Excerpted data Block Start

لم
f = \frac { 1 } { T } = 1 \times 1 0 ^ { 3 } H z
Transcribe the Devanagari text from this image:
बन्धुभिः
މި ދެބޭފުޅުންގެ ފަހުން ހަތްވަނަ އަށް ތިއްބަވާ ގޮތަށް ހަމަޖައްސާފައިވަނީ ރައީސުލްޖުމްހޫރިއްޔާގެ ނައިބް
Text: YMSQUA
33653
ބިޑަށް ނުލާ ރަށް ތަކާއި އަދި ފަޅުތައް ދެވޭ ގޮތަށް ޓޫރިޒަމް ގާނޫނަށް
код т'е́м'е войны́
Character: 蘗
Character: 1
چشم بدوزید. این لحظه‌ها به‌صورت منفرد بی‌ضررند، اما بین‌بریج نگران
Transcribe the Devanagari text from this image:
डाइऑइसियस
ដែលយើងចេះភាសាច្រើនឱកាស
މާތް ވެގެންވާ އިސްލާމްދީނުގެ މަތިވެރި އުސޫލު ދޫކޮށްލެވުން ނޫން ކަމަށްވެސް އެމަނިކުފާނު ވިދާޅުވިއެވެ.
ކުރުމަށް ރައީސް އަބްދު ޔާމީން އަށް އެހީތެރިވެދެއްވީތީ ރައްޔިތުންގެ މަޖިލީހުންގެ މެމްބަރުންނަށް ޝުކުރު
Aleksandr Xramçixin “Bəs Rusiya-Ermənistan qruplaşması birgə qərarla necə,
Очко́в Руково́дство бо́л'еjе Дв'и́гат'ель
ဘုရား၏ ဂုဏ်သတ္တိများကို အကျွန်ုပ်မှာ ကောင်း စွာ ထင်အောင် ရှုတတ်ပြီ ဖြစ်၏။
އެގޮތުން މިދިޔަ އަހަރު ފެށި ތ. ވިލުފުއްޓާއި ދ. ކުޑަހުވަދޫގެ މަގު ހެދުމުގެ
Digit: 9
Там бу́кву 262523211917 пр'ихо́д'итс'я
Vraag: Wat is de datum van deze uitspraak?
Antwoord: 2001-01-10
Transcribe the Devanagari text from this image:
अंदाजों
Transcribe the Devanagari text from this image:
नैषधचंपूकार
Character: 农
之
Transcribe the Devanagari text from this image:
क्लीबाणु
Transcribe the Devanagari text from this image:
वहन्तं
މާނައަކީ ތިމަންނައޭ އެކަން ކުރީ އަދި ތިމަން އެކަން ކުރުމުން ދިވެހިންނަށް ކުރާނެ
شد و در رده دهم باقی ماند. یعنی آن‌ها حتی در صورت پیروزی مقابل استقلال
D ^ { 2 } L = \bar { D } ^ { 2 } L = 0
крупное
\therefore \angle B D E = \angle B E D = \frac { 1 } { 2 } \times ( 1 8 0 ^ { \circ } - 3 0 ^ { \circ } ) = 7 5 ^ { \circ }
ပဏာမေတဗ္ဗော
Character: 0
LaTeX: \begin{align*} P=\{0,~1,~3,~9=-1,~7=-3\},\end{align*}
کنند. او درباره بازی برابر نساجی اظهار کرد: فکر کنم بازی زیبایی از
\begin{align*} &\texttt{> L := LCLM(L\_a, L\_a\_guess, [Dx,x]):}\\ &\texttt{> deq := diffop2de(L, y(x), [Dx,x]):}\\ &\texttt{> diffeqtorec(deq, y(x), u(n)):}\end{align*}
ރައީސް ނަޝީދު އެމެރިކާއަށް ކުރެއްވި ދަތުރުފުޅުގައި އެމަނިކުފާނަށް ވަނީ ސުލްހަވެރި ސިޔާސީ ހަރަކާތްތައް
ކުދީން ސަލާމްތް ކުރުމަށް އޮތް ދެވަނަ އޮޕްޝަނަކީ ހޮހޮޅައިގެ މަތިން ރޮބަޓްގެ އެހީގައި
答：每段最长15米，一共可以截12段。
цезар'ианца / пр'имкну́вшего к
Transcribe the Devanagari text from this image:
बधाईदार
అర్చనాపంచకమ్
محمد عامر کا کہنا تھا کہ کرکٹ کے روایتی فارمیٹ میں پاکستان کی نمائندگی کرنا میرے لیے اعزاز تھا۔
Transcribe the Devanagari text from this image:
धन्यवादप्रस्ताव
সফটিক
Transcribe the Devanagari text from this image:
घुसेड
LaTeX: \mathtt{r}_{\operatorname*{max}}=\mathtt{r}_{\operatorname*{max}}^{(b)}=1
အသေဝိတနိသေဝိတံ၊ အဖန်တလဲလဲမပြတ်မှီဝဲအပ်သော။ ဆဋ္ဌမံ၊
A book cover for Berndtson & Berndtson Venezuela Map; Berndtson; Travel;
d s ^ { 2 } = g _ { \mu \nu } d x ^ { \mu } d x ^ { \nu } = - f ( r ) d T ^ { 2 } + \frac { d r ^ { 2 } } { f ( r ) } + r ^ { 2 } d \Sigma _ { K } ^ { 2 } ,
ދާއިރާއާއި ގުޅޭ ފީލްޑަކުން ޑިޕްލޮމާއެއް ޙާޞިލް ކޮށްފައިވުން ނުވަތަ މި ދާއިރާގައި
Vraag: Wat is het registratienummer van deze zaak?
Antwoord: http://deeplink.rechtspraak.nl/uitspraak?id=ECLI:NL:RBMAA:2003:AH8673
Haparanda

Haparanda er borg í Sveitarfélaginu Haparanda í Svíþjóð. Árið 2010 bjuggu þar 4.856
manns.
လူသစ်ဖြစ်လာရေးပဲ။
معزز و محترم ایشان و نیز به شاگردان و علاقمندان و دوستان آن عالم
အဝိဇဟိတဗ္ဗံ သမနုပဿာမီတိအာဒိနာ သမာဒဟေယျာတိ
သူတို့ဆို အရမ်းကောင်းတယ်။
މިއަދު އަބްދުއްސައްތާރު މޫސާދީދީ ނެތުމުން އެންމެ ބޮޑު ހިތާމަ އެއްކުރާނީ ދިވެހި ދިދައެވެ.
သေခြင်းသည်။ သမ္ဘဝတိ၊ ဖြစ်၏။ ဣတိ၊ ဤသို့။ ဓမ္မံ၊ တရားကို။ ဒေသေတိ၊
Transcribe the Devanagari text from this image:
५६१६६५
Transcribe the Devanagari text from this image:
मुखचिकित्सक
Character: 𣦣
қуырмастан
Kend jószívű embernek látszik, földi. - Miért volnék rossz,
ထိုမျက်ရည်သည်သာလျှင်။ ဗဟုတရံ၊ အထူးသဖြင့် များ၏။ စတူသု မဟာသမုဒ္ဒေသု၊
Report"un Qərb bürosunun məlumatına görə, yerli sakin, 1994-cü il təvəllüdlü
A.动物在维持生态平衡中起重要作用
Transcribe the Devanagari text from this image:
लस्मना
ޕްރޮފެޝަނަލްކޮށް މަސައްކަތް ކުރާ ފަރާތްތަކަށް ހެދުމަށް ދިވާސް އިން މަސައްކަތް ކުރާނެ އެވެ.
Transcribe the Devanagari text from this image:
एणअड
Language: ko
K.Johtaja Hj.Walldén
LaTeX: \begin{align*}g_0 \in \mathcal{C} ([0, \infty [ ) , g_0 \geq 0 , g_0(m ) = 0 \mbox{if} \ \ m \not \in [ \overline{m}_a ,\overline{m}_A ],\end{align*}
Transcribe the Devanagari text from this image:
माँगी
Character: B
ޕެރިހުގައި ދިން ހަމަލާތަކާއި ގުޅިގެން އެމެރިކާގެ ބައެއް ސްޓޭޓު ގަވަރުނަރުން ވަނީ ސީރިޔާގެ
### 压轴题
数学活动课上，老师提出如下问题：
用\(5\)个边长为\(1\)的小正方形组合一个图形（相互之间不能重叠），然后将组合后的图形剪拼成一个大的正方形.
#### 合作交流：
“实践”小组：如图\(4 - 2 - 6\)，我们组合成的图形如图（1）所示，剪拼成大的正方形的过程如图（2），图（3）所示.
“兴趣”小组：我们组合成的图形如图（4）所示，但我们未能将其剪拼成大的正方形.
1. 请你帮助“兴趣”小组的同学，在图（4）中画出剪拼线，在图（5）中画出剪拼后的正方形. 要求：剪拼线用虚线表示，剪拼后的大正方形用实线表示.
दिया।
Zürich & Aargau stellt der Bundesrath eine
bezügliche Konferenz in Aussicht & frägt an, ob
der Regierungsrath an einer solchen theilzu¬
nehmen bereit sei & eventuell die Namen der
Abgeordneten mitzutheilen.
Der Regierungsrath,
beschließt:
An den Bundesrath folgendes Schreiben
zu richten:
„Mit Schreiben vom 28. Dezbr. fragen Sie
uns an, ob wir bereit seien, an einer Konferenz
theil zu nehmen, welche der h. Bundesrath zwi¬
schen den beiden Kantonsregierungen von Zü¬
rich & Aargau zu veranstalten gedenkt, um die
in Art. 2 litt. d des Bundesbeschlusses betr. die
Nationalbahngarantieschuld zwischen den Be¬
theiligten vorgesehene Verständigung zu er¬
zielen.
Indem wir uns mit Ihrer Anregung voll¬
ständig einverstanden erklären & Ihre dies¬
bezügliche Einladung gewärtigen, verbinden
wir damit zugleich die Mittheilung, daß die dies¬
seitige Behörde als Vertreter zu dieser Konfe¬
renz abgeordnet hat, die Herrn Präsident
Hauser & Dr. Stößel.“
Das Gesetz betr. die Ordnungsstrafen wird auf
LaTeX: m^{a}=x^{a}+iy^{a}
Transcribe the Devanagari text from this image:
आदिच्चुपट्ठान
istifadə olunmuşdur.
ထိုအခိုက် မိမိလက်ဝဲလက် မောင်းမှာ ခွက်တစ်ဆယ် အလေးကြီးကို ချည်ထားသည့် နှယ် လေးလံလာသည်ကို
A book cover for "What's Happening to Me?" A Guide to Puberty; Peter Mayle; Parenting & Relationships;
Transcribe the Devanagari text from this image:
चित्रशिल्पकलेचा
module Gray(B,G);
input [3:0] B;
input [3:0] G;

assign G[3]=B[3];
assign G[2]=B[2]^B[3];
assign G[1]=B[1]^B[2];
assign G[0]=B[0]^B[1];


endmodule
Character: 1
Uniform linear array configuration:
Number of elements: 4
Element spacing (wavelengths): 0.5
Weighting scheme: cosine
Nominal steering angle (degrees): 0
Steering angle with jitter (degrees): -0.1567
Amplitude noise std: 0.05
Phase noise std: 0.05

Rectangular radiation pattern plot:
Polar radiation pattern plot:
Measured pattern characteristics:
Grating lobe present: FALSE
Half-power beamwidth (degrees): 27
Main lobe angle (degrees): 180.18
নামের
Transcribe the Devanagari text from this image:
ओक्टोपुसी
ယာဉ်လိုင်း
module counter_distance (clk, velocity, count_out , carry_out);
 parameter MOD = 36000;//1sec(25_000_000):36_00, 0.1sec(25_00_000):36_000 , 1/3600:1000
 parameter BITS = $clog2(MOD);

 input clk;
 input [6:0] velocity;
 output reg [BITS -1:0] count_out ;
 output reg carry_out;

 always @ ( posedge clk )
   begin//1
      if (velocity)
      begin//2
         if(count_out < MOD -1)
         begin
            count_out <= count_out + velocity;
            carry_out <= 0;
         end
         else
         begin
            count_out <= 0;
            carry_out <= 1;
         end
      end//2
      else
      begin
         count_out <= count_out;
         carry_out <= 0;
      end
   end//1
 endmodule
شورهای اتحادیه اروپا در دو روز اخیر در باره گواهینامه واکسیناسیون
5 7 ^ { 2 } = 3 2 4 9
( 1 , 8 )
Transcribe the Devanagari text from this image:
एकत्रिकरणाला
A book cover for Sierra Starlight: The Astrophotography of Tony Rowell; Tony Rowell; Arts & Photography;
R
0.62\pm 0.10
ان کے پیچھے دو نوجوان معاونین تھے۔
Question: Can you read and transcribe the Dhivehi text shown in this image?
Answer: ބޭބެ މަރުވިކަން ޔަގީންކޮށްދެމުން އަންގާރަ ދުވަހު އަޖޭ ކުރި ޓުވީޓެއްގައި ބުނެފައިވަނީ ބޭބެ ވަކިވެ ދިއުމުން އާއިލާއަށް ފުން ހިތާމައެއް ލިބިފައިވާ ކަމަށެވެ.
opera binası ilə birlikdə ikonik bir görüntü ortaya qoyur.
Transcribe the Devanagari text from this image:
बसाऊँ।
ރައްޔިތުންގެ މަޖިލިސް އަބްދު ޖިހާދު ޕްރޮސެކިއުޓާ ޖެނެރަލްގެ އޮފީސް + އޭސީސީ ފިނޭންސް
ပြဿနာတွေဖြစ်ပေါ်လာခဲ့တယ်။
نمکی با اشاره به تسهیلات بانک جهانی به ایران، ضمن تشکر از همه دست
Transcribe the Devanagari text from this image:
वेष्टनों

Excerpted data Block End

**Your goal:** Set down exactly, and only, the lines from the one containing "Question: Can you" through the final line of the entries above.

**Written response:**
Question: Can you read and transcribe the Dhivehi text shown in this image?
Answer: ބޭބެ މަރުވިކަން ޔަގީންކޮށްދެމުން އަންގާރަ ދުވަހު އަޖޭ ކުރި ޓުވީޓެއްގައި ބުނެފައިވަނީ ބޭބެ ވަކިވެ ދިއުމުން އާއިލާއަށް ފުން ހިތާމައެއް ލިބިފައިވާ ކަމަށެވެ.
opera binası ilə birlikdə ikonik bir görüntü ortaya qoyur.
Transcribe the Devanagari text from this image:
बसाऊँ।
ރައްޔިތުންގެ މަޖިލިސް އަބްދު ޖިހާދު ޕްރޮސެކިއުޓާ ޖެނެރަލްގެ އޮފީސް + އޭސީސީ ފިނޭންސް
ပြဿနာတွေဖြစ်ပေါ်လာခဲ့တယ်။
نمکی با اشاره به تسهیلات بانک جهانی به ایران، ضمن تشکر از همه دست
Transcribe the Devanagari text from this image:
वेष्टनों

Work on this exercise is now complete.